The antitumor potential of cytokine/ligand-receptor interactions that modulate an immune response has moved into the spotlight of cancer treatment strategies. Here, we propose an approach with tri-functional antibody-fusion proteins composed of a tumor-directed recombinant antibody and two different cytokines/chemokines. According to the concept, target-directed delivery of appropriate combinations of cytokine/ chemokine to the tumor site will support an efficient local antitumor immune response. Thereby, targeting should reduce the risk of systemic toxicity and autoimmune effects, while the combinatorial use of different immune-modulatory molecules should allow overcoming tumor evasion mechanisms. In the preceding project we have already successfully generated antibody-fusion proteins with IL-15 linked to part of the IL-15Ralpha chain and generated first tri-functional fusion proteins by the additional incorporation of the costimulatory ligand 4-1BBL. Thus, improved immune-stimulatory activity was achieved by the targeted form in vitro and antitumoral effects were reported in vivo. In light of these encouraging results, we aim to continue developing this concept by improving and expanding the generation of tri-functional antibody-fusion proteins, thereby meeting criteria of simple configuration, minimal size and good accessibility of all compounds in soluble and targeted form. Furthermore, we will focus on the combination of IL-15 with different ligands either of the TNF-superfamily (OX40L, GITRL, LIGHT) or the chemokine CCL-family (CCL16, CCL21). We will analyze the influence of the configuration of these molecules on the activity displayed in soluble and targeted form and their impact on the immune response of T cells and NK cells in vitro. Subsequently, murine versions of the most promising tri-functional fusion proteins will be generated and their antitumor potential evaluated in an immune competent tumor mouse model. Thus, insight into the implementation and prospect of this innovative approach is expected to be gained.
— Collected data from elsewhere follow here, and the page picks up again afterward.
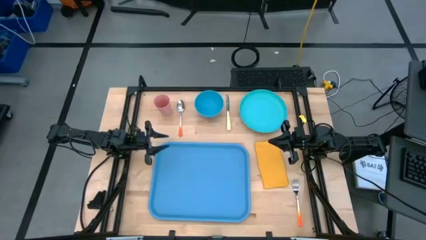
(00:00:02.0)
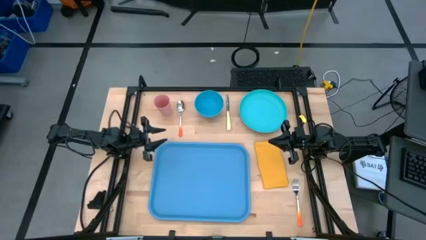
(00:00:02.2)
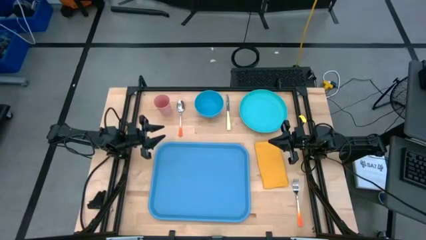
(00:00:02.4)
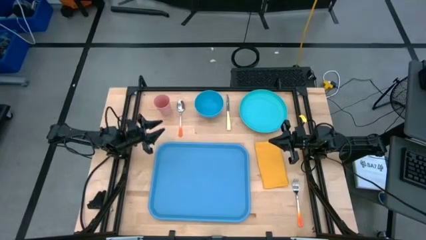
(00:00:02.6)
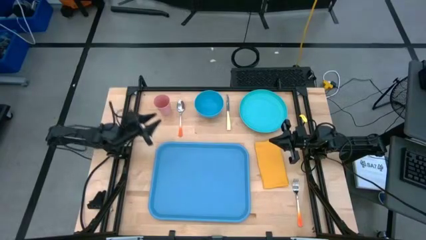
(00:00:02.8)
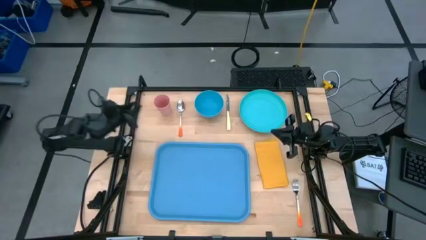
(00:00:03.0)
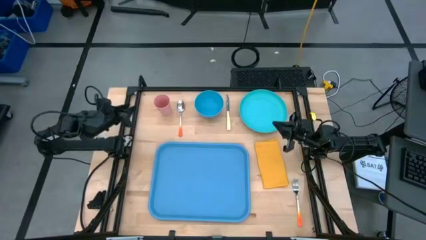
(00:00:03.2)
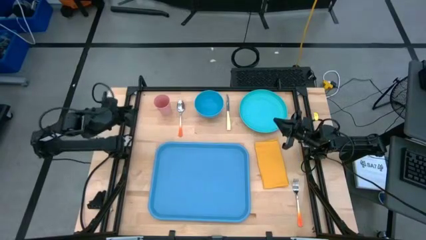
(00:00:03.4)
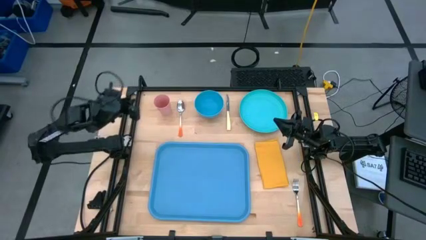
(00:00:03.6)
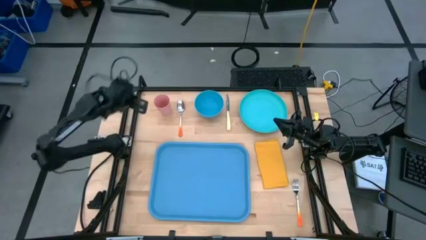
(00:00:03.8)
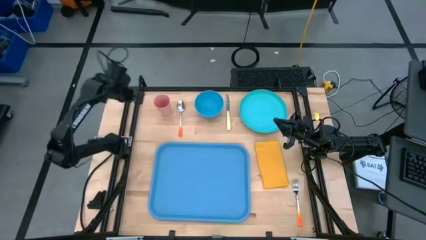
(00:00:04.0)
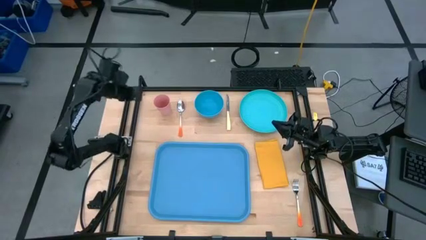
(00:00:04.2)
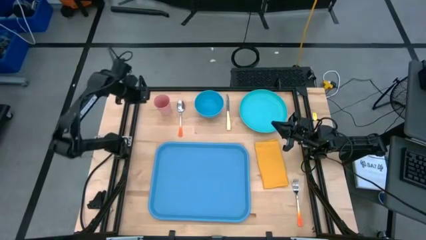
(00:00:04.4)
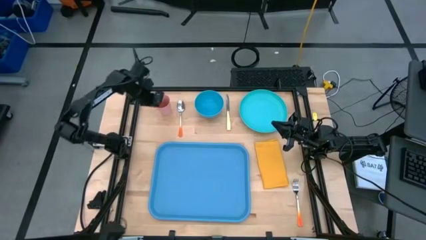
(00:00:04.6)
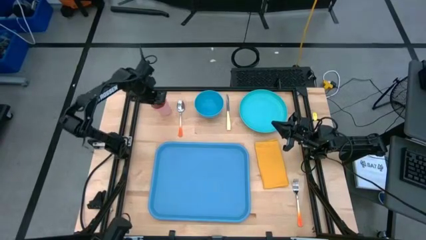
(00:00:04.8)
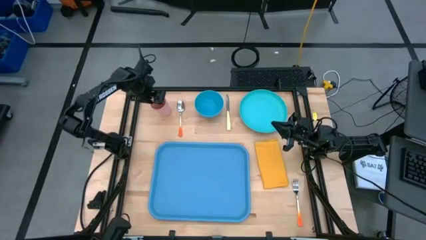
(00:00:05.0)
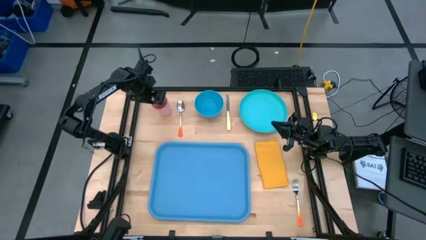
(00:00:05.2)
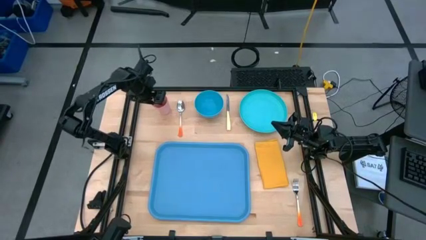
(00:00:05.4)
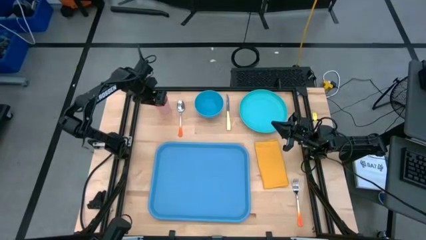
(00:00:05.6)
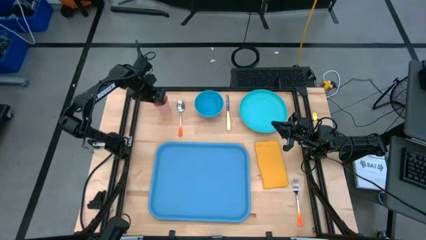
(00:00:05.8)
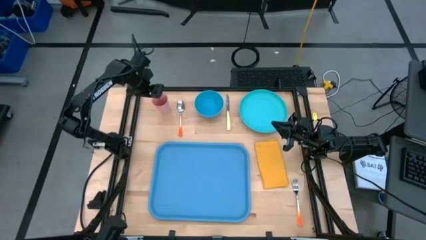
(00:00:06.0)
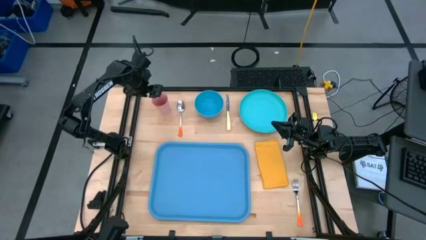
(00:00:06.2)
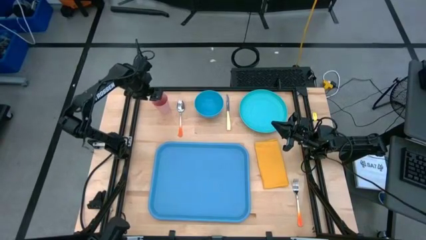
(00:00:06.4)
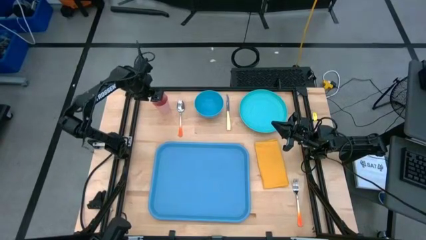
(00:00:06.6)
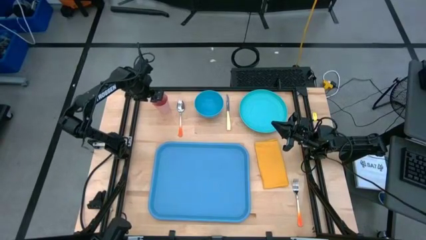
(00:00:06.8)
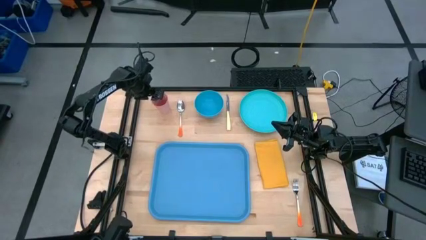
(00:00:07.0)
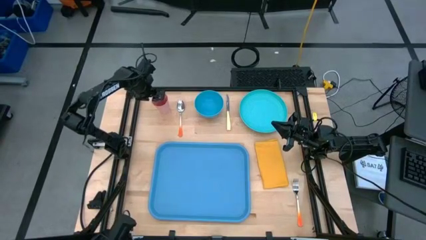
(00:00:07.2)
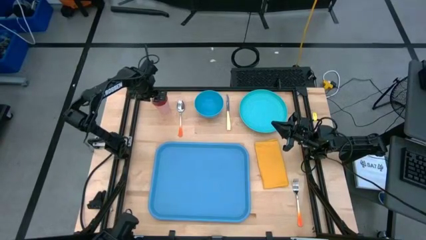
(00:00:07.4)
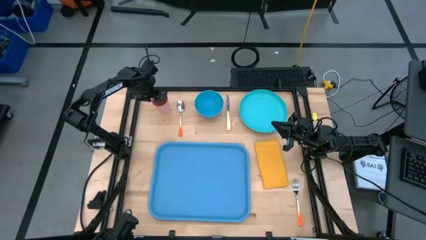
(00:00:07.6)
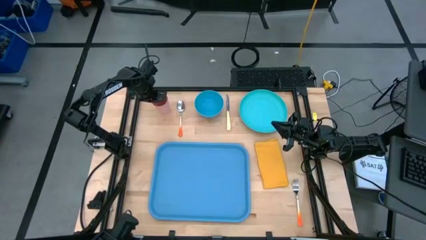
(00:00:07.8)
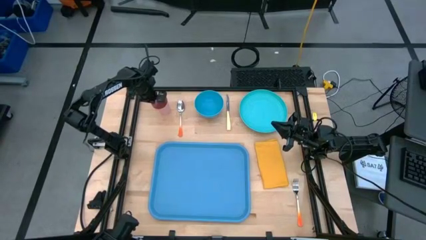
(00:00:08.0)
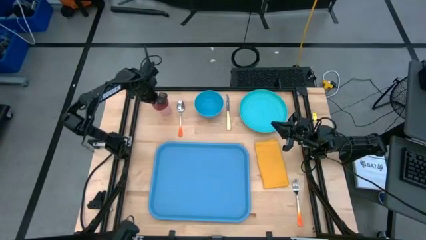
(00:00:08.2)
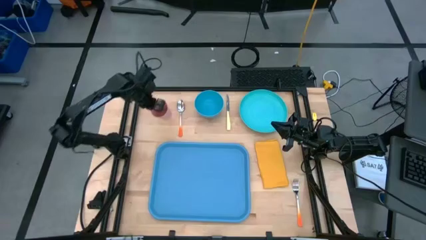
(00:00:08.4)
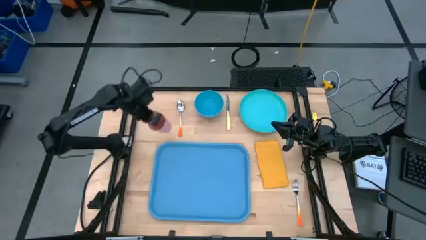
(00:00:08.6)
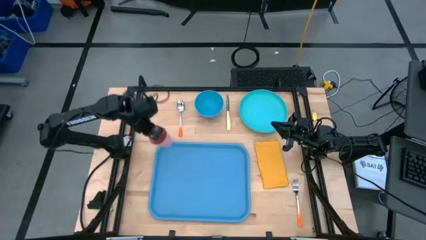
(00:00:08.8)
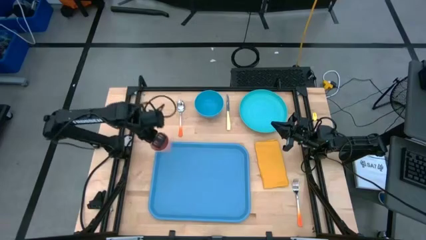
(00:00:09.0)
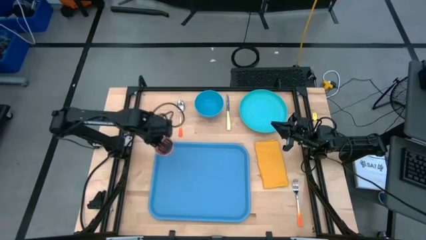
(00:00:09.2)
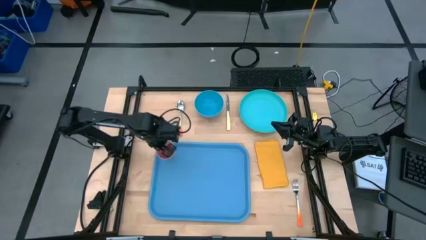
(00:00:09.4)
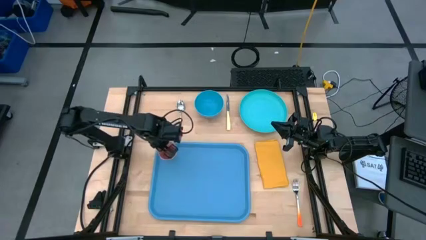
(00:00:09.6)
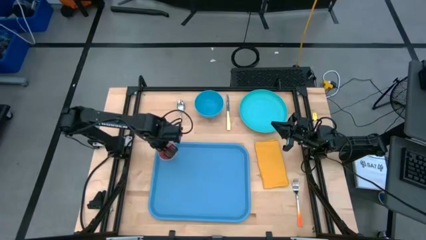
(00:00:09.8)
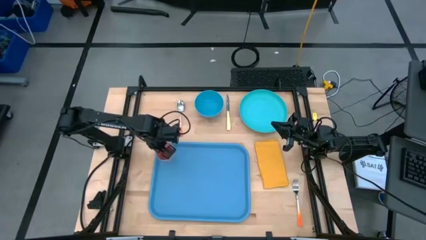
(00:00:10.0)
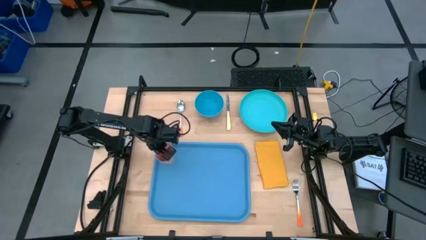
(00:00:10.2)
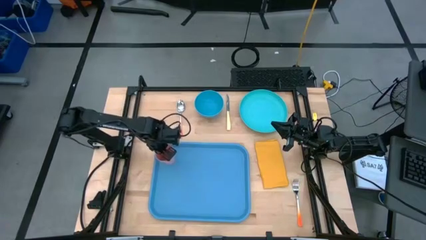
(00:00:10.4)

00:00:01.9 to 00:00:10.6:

调节免疫应答的细胞因子/配体-受体相互作用的抗肿瘤潜力已经成为癌症治疗策略的焦点。在这里，我们提出了一种方法与三功能抗体融合蛋白组成的肿瘤导向的重组抗体和两种不同的细胞因子/趋化因子。根据这一概念，将细胞因子/趋化因子的适当组合靶向递送至肿瘤部位将支持有效的局部抗肿瘤免疫反应。因此，靶向应该降低全身毒性和自身免疫效应的风险，而不同免疫调节分子的组合使用应该允许克服肿瘤逃避机制。在前面的项目中，我们已经成功地产生了IL-15与IL-15 R α链部分连接的抗体融合蛋白，并通过额外掺入共刺激配体4-1BBL产生了第一个三功能融合蛋白。因此，通过体外靶向形式实现了改善的免疫刺激活性，并报道了体内抗肿瘤作用。鉴于这些令人鼓舞的结果，我们的目标是通过改进和扩大三功能抗体融合蛋白的产生来继续发展这一概念，从而满足所有化合物以可溶性和靶向形式的简单构型、最小尺寸和良好可及性的标准。此外，我们将重点关注IL-15与TNF超家族（OX 40 L，GITRL，LIGHT）或趋化因子CCL家族（CCL 16，CCL 21）的不同配体的组合。我们将分析这些分子的构型对以可溶性和靶向形式显示的活性的影响，以及它们对体外T细胞和NK细胞的免疫应答的影响。随后，将产生最有希望的三功能融合蛋白的鼠版本，并在免疫活性肿瘤小鼠模型中评价其抗肿瘤潜力。因此，深入了解这种创新方法的实施和前景。